Abstract
Induction The prognosis of refractory/relapsed (R/R) Acute myeloid leukemia (AML) is dismal. Regimens including cladribine, cytarabine, and granulocyte-stimulating factor (CLAG) resulted in excellent outcomes with a 50-62.7% complete remission (CR) rate in R/R AML children. The addition of medications with different mechanisms to CLAG can increase the efficacy for R/R AML. Homoharringtonine (HHT) is a natural plant alkaloid derived from Cephalotaxus, and has displayed promising efficacy and tolerability in pediatric and adult newly-diagnosed and R/R AML. Accordingly, we presented data of the largest sample prospective clinical data on the efficacy and safety of HHT with CLAG (CHAG regimen) in childhood R/R AML.
Methods The trial in patients aged < 18 years with R/R AML (ChiCTR2000038340) is a single-arm, multicenter, open-label study conducted in China. All patients had received CHAG regimens for salvage chemotherapies as follows: cladribine (5mg/m2/day, day 1-5), HHT (1mg/m2/day, day 1-14), cytarabine (10mg/m2, quaque 12 hora, day 1-14), granulocyte colony-stimulating factor (200ug/m2/day, day1-14) (cycle 1). Patients achieving CR after cycle 1 proceeded to subsequent allogeneic hematopoietic transplantation (allo-HSCT). Those with partial response (PR) or no response (NR) were administered a second cycle of CHAG as consolidation therapy (cycle 2) and then continued to allo-HSCT once CR obtained. For patients not eligible for HSCT, 1-3 cycles of CHAG consolidations would be administered, with efforts to initiate the HSCT process.
The primary objective was to determine CR rate of cycle 1, and the second endpoints included MRD rate of cycle 1, CR and MRD rate of cycle 2, and long-term survival [overall survival (OS) and event-free survival (EFS)].
Results Between December 1, 2019, and January 10, 2025, 175 fit children with R/R AML were enrolled. All subjects who received CHAG therapy had been heavily pretreated and had received a median of 3 lines (range, 1-8) of prior therapies, of whom 93 (53.1%) patients with primary refractory and 82 (46.9%) with relapsed AML [11 (6.3%) after allo-HSCT]. Among relapsed patients, 78 (44.6%) patients were first relapse, and 4 (2.3%) were second and greater relapse. The median age was 8 years old (range, 0.5-17). Twenty-four (13.7%) patients presented with extramedullary AML at diagnosis. Twenty-one were identified with FLT3-ITD and 14 with FLT3-TKD. The most common fusion gene included RUNX1::RUNX1T1 in 40 patients (22.9%) and KMT2A-rearranged in 31 (17.7%). Complex karyotype was present in 11.4% (20/175).

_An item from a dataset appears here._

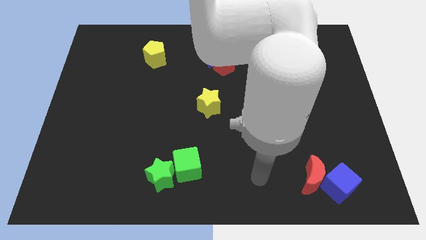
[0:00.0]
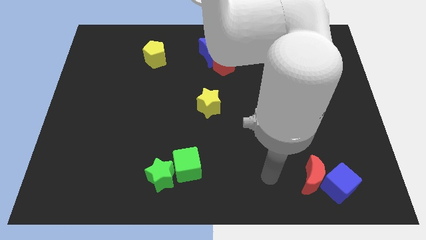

Patients received a median of two cycles of CHAG (range, 1-5). 75 patients (42.9%) received one cycle and 100 (57.1%) received more than one cycle, including 65 (37.1%) two and 35 (20.0%) ≥ three cycles as trial treatment. The CR rate was 77.1% (135/175), with 68.6% (120/175) attaining MRD negativity via multiparameter flow cytometry (MFC) of cycle 1, and 86.1% (87/101) and 75.2% (76/101) after cycle 2. The CR and MRD negative rate for cycle 1 were 84.6% (66/78) and 76.9% (60/78) for those in first relapse, and 74.2% (72/97) and 61.9% (60/97) for patients in second and greater relapse or with refractory disease.
A total of 129 (73.7%) patients consolidated with HSCT in remission, among whom 58 proceeded to HSCT after cycle 1, 55 after cycle 2 and 16 after cycle 3. 39 patients experienced relapse during treatment, including 15 relapsed during conventional chemotherapies and 24 relapsed after allo-HSCT.
With a median follow-up of 20.1 months (range, 1-66.9), the median duration of EFS and OS was not reached. The estimated 36-month OS and EFS was 67.8% (95% CI, 60.5-75.9) and 60.7% (95% CI, 53.4-69.0). Acquisition of CR and MFC-MRD negativity after cycle 1, brided to HSCT showed a significant trend toward improved OS and EFS (P < 0.05). Meanwhile, fusion gene of RUNX1-RUNX1T1, CBFB-MYH11 and KMT2Ar, and complex karyotype and previous utilization of HSCT play a statistical significance on OS and EFS (P < 0.05).
The common treatment emergent ≥ grade 3 AE occurring were hematologic toxicities, with no grade 5 events and related mortality observed. The most common nonhematologic toxicities were febrile neutropenia, mostly assessed as grade 3 to 4, and not life-threatening.
Conclusion In summary, this trial showed that CHAG regimen is safe and highly active in R/R AML children. The CHAG regimen may represent a highly promising bridging strategy to allo-HSCT in pediatric R/R AML.